Screen printing, a close space sublimation method, MOCVD, and a spray method (a wet deposition technique) can be given as other methods for forming the CIGS film. For example, crystals having a desired composition can be obtained through screen printing (a wet deposition technique), spraying (a wet deposition technique), or the like, by forming a particulate film containing a group Ib element, a group IIIb element, and a group VIb element on a substrate and subjecting the resultant to pyrolysis treatment or the like (this may be pyrolysis treatment in a group VIb element atmosphere) (JP 9-74065 A, JP 9-74213 A, and the like).
Such formation methods all exhibit a favorable photoelectric conversion efficiency at not less than 500° C. when the CIGS is formed on the substrate, but multisource deposition, which features a short processing time, is preferable when considering manufacture using the roll-to-roll method. Specifically, a bilayer method is preferable.
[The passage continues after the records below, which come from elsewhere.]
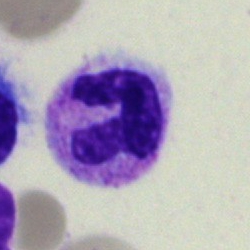 {"cell_type": "segmented neutrophil"}
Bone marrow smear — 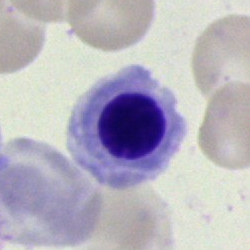

Q: What is the morphological classification of this cell?
A: It is a nucleated red cell.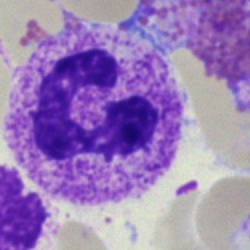A segmented neutrophil.
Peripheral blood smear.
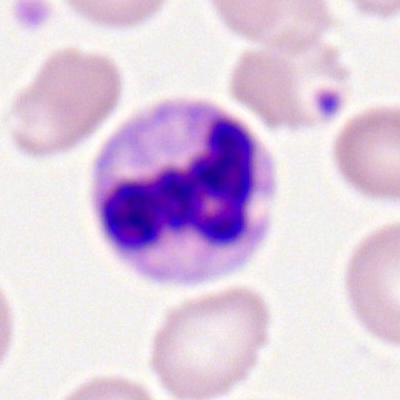
Cell type = polymorphonuclear neutrophil.
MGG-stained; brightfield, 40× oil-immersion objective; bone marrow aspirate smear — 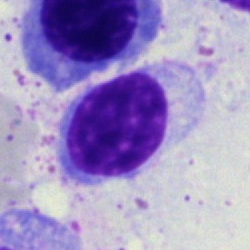Morphology → lymphocyte.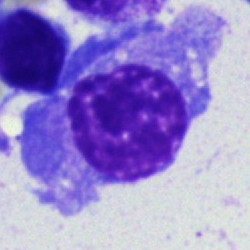Plasma cell.
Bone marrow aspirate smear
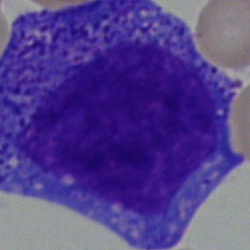
Morphology consistent with a progranulocyte.
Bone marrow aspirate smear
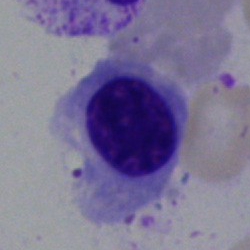 A normoblast.
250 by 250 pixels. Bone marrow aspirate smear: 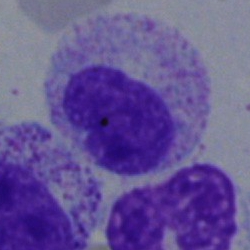 Morphology — metamyelocyte.
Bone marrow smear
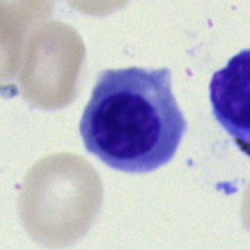{"cell_type": "nucleated red blood cell", "lineage": "erythroid"}
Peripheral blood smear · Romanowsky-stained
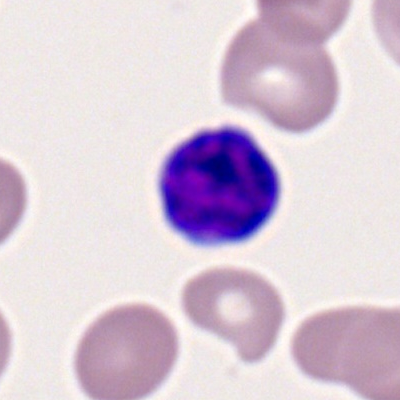
Showing a lymphocyte.
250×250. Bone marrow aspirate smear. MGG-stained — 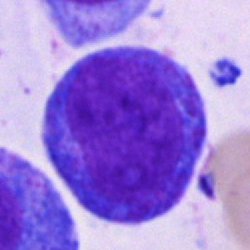Morphology → progranulocyte.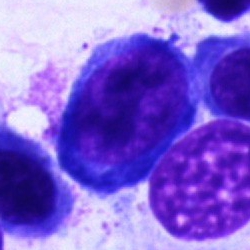 {"cell_type": "nucleated red cell"}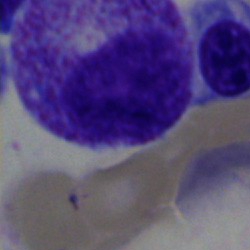

Q: What is the morphological classification of this cell?
A: Progranulocyte.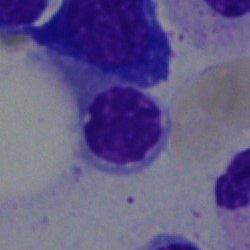
Impression — nucleated red cell.
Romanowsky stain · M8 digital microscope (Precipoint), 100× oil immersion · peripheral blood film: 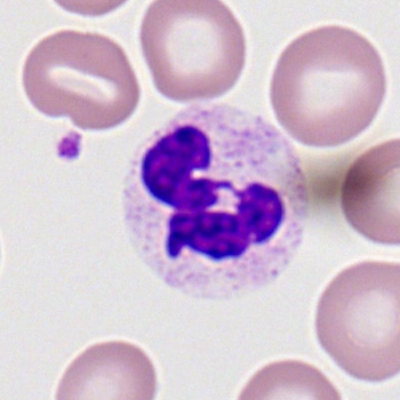Q: Which cell type is shown here?
A: A neutrophil (segmented).
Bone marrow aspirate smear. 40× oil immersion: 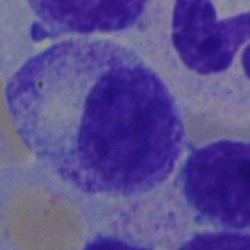
Cell: myelocyte.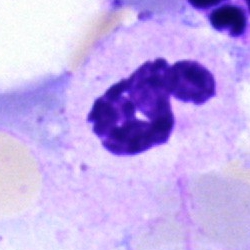
Morphological class: neutrophil (segmented).
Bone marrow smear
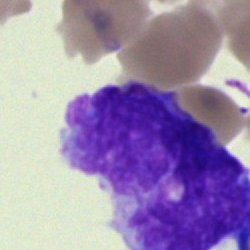

Classification — blast.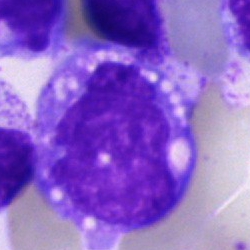
{"cell_type": "monocyte"}
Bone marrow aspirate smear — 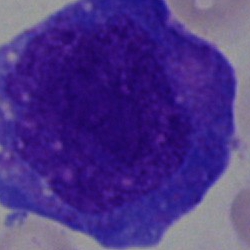 Classification: undifferentiated blast.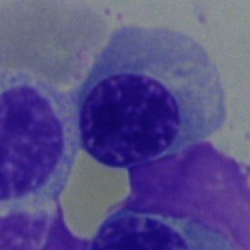A nucleated red blood cell.
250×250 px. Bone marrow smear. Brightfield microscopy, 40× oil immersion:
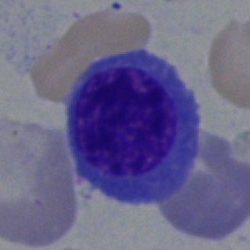

Morphology consistent with a nucleated red blood cell.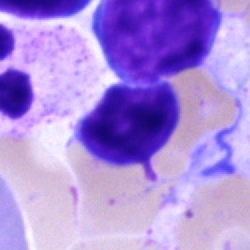 Cell — lymphocyte.
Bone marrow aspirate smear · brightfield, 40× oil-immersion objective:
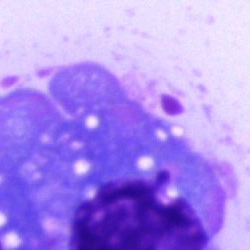

Specimen: bone marrow smear.
Cell: plasmacyte.
Lineage: lymphoid.
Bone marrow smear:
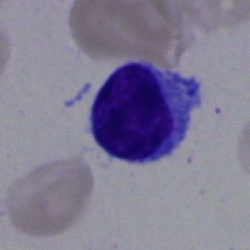{"cell_type": "typical lymphocyte", "lineage": "lymphoid"}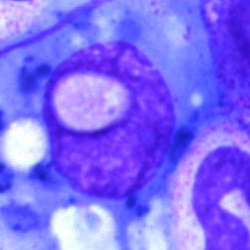

Q: What is shown here?
A: An artifact.
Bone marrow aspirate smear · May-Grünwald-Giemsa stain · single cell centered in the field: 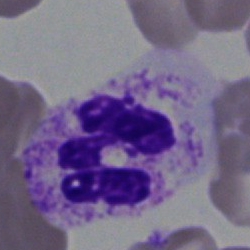
Cell type — segmented neutrophil.
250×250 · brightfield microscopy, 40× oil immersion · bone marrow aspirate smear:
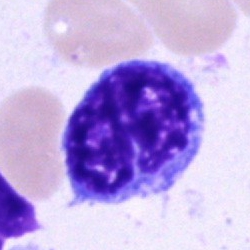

As described above, the electronic device 12 according the present invention is manufactured by bonding the solar battery cells 50 on the flexible substrate 20 in series, and this manufacturing method may be carried out in the same manner as for various types of known solar batteries.
An example of a method for manufacturing the electronic device 12 illustrated in FIG. 2 will be described hereinafter.
First, the flexible substrate 20 formed as described above is prepared. Next, a liquid mixture of Na₄SiO₄, Li₄SiO₄, and H₃BO₃, for example, is fired on the surface 44 a of the insulating layer 44 of the flexible substrate 20 to form an Na-containing glass layer as the alkali supply layer 60. Note that a soda lime glass sputter layer may be formed as the alkali supply layer 60 through sputtering.
Next, an Mo film to serve as the lower electrodes 52 is formed on the surface of the alkali supply layer 60 through sputtering, for example, using a deposition device.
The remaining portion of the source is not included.